Upper and lower bounds in exponential Tauberian theorems (Q991572)

The idea of this paper ``Tauberian theorems can be used to obtain simple large deviation results.'' That's why for r.v. \(X\geq 0\) on a probability space \((\Omega,\mathcal{A},P),\) an event \(A\in \mathcal{A}\) with \(P(A)>0\) and \(\alpha\in (0,1),\;\beta>0\) with \(\frac 1{\alpha}=\frac 1{\beta}+1\) the author at first derives from De Bruijn's Tauberian theorem Theorem 1.1. The limit \(r\) exists if and only if the limit \(s\) exists, \[ r=\lim_{\lambda\to \infty}\lambda^{-\alpha}\log E(e^{-\lambda X}\cdot 1_A)\leq 0,\quad s=\lim_{\varepsilon\to 0}\varepsilon^{\beta}\log E(X\leq \varepsilon, A)\leq 0, \] and in this case we have \(|\alpha r|^{1/\alpha}=|\beta s|^{1/\beta}.\) Then in section 2, it is shown that Theorem 1.1 can be used to derive a large deviation principle for Brownian motion. But in general the limit \(s\) does not necessarily exists. And for large deviation results one usually considers upper and lower limits.
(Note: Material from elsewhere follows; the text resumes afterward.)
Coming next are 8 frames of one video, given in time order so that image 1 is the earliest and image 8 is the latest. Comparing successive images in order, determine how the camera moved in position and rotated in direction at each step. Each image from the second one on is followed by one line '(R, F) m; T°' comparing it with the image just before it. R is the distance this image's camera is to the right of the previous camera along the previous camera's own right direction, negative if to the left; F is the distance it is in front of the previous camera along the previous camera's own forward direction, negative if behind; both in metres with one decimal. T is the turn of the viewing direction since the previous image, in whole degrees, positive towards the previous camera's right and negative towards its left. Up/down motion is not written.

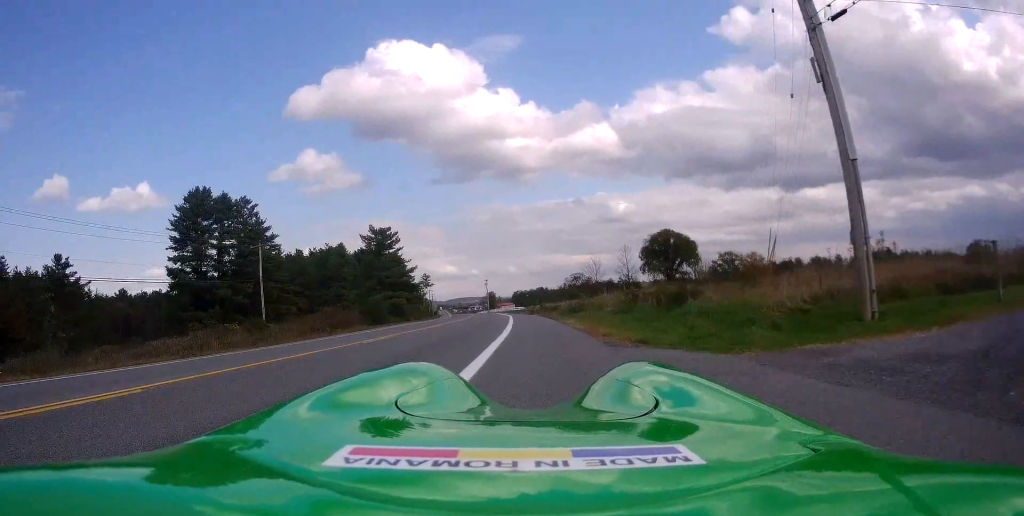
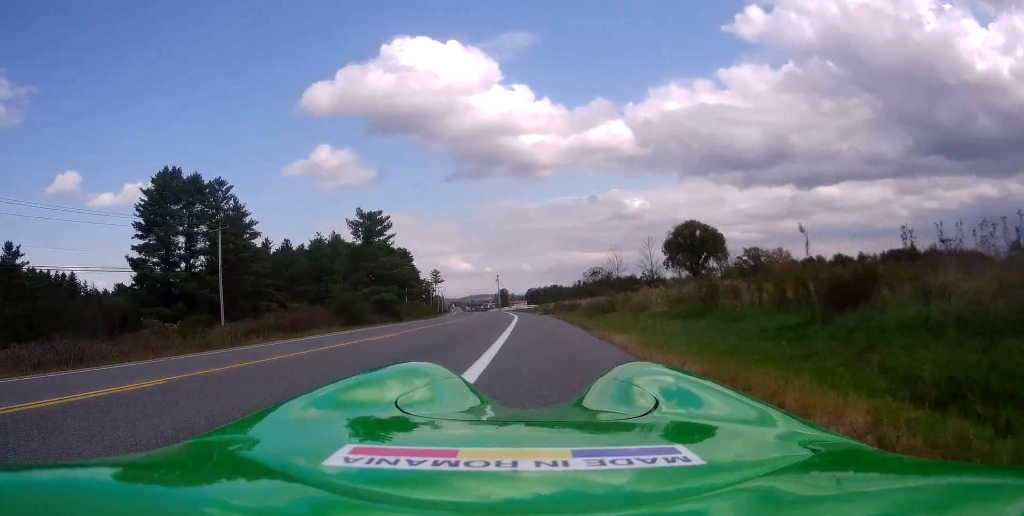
(-0.4, +11.6) m; -2°
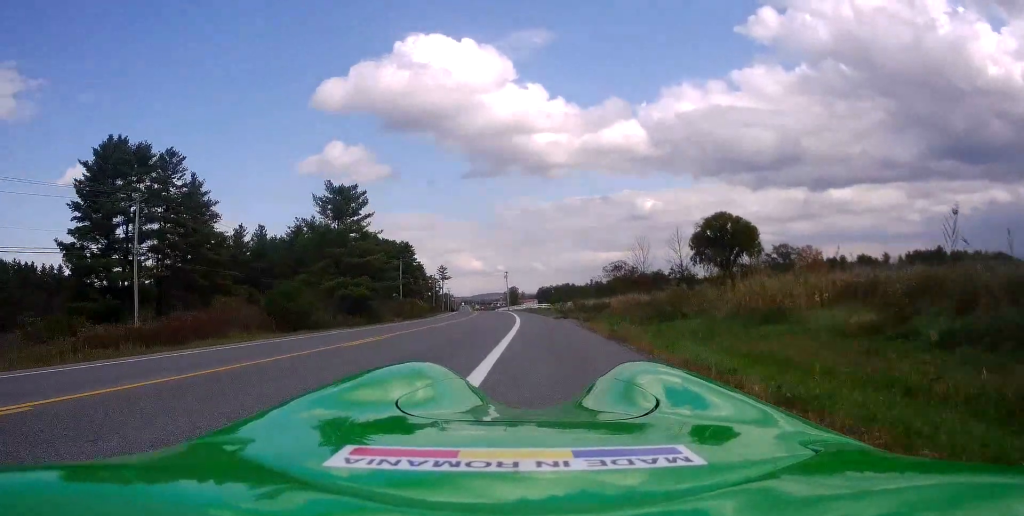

That's why in s. 3 in the same conditions an analogue of Theorem 1.1 is derived (its proof uses only elementary methods): Theorem 3.1. a) The upper limits \[ \bar{r}=\limsup_{\lambda\to \infty}\lambda^{-\alpha}\log E(e^{-\lambda X}\cdot 1_A),\;\;\text{and}\;\;\bar{s}=\limsup_{\varepsilon\to 0}\varepsilon^{\beta}\log E(X\leq \varepsilon, A) \] satisfy \(|\alpha \bar{r}|^{1/\alpha}=|\beta \bar{s}|^{1/\beta}.\) b) The lower limits \[ \underline{r}=\liminf_{\lambda\to \infty}\frac 1{\lambda^{\alpha}}\log E(e^{-\lambda X}\cdot 1_A),\;\;\text{and}\;\;\underline{s}=\liminf_{\varepsilon\to 0}\varepsilon^{\beta}\log E(X\leq \varepsilon, A) \] satisfy \(|\alpha \underline{r}|^{1/\alpha} \leq |\beta \underline{s}|^{1/\beta} \leq |e^{H(\alpha)}\alpha \underline{r}|^{1/\alpha},\) \(H(\alpha)=-\alpha \log \alpha-(1-\alpha)\log(1-\alpha),\) and both bounds are sharp.